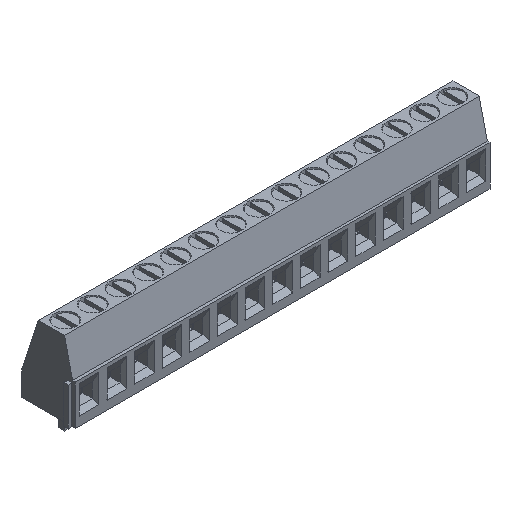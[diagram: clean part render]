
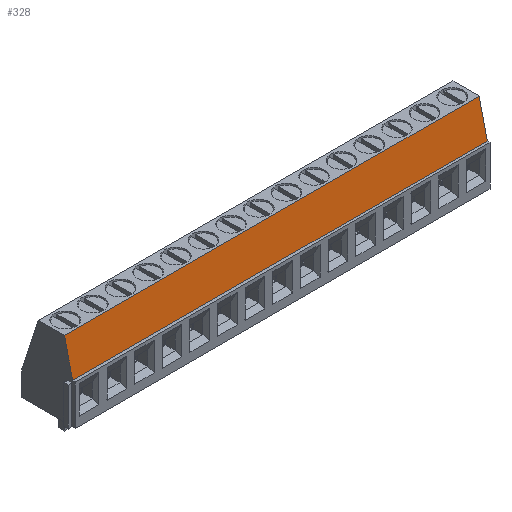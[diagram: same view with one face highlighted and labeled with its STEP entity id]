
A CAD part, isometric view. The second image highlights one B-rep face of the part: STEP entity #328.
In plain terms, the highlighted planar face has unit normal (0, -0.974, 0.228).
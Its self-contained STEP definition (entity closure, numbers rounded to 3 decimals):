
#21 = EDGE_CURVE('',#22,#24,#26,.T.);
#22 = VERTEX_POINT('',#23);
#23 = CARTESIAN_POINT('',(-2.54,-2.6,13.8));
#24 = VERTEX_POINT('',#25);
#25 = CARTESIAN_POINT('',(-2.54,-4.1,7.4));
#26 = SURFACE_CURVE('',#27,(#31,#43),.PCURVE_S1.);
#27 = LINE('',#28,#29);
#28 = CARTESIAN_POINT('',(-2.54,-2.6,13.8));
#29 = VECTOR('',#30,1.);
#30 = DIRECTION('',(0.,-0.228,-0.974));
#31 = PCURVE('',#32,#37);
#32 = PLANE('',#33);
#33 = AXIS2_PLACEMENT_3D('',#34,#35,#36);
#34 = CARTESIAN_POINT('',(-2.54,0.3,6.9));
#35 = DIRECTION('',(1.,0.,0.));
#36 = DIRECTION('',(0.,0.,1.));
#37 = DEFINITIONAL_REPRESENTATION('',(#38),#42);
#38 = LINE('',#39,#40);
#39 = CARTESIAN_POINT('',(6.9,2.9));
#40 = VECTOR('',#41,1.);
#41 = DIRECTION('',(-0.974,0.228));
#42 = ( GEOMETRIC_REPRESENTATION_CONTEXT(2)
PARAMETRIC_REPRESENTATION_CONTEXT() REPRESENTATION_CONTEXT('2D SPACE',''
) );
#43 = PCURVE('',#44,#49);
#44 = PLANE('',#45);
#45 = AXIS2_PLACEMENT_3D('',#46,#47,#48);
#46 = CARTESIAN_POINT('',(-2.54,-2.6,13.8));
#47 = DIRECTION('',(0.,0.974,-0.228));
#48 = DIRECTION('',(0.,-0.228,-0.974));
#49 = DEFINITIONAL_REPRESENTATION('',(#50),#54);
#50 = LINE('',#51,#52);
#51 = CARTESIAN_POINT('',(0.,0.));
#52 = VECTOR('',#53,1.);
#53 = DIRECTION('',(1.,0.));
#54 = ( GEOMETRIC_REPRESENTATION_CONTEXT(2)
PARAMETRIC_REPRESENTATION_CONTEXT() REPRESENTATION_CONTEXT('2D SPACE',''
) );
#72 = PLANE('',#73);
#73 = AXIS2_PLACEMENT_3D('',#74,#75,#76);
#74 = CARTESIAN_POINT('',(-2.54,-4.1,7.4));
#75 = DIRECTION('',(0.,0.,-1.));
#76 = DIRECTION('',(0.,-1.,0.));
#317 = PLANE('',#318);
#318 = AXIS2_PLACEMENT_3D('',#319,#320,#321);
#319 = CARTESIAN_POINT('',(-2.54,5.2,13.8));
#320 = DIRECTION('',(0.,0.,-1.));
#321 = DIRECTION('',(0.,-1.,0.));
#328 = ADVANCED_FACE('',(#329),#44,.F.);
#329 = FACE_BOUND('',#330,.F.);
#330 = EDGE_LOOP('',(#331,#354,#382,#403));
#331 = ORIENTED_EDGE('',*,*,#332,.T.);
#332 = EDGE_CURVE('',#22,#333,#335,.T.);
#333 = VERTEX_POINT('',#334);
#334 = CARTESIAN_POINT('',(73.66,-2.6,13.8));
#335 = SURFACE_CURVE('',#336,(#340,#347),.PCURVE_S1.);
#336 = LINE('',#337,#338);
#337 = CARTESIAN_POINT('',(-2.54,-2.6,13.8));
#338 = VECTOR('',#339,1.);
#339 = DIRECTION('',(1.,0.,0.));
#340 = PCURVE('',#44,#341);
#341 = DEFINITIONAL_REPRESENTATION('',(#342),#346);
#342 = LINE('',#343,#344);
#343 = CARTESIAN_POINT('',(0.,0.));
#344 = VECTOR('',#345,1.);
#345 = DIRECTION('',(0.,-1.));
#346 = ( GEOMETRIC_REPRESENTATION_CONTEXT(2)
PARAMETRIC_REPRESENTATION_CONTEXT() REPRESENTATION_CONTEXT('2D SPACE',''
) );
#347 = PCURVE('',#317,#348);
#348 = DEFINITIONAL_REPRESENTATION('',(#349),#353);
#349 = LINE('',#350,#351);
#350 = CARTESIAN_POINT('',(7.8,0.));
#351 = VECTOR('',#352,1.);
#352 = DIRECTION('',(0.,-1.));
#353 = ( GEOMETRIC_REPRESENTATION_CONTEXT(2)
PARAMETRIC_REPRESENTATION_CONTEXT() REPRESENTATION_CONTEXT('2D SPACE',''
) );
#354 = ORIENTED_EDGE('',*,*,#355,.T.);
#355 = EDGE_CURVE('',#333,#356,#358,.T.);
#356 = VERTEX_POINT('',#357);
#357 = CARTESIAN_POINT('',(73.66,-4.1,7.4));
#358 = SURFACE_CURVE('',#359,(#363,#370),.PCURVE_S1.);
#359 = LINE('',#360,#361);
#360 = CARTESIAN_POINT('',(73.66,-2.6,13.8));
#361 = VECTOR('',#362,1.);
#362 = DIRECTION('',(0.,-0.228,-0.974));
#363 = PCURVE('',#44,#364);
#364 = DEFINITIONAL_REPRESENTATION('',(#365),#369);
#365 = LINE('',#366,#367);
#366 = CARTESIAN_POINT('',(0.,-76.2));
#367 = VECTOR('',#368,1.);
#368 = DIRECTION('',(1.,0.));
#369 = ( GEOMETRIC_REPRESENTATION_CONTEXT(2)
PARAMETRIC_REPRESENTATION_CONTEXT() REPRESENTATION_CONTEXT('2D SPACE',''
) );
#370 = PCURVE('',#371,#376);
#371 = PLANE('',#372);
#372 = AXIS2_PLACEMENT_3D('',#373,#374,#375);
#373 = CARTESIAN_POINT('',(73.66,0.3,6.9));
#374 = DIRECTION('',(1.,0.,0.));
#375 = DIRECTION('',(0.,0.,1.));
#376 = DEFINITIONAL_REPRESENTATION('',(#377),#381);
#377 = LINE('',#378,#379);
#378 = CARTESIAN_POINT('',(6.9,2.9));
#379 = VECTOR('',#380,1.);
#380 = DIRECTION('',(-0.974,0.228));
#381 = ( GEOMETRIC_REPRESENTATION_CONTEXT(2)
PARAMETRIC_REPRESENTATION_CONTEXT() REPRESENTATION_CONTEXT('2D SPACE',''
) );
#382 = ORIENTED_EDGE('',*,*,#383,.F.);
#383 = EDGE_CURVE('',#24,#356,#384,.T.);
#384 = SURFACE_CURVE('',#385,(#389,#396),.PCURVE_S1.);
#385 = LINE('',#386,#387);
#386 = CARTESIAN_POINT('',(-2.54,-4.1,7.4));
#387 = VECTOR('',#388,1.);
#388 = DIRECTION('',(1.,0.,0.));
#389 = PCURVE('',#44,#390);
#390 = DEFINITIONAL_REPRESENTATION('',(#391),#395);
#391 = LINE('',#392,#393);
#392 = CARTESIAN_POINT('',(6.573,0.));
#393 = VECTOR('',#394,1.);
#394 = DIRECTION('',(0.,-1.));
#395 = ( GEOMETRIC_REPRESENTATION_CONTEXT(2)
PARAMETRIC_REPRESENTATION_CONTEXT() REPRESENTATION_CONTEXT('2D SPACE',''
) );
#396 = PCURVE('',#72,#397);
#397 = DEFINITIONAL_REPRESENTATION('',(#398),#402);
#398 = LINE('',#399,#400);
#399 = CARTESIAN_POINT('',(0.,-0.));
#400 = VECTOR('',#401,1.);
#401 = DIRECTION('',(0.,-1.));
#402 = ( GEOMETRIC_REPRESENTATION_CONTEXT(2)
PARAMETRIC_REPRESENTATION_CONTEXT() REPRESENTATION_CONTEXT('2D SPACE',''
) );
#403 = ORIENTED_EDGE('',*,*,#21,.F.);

· · ·

From the records above, copy every line that includes the word "VECTOR".

Exercise response –
#29 = VECTOR('',#30,1.);
#40 = VECTOR('',#41,1.);
#52 = VECTOR('',#53,1.);
#338 = VECTOR('',#339,1.);
#344 = VECTOR('',#345,1.);
#351 = VECTOR('',#352,1.);
#361 = VECTOR('',#362,1.);
#367 = VECTOR('',#368,1.);
#379 = VECTOR('',#380,1.);
#387 = VECTOR('',#388,1.);
#393 = VECTOR('',#394,1.);
#400 = VECTOR('',#401,1.);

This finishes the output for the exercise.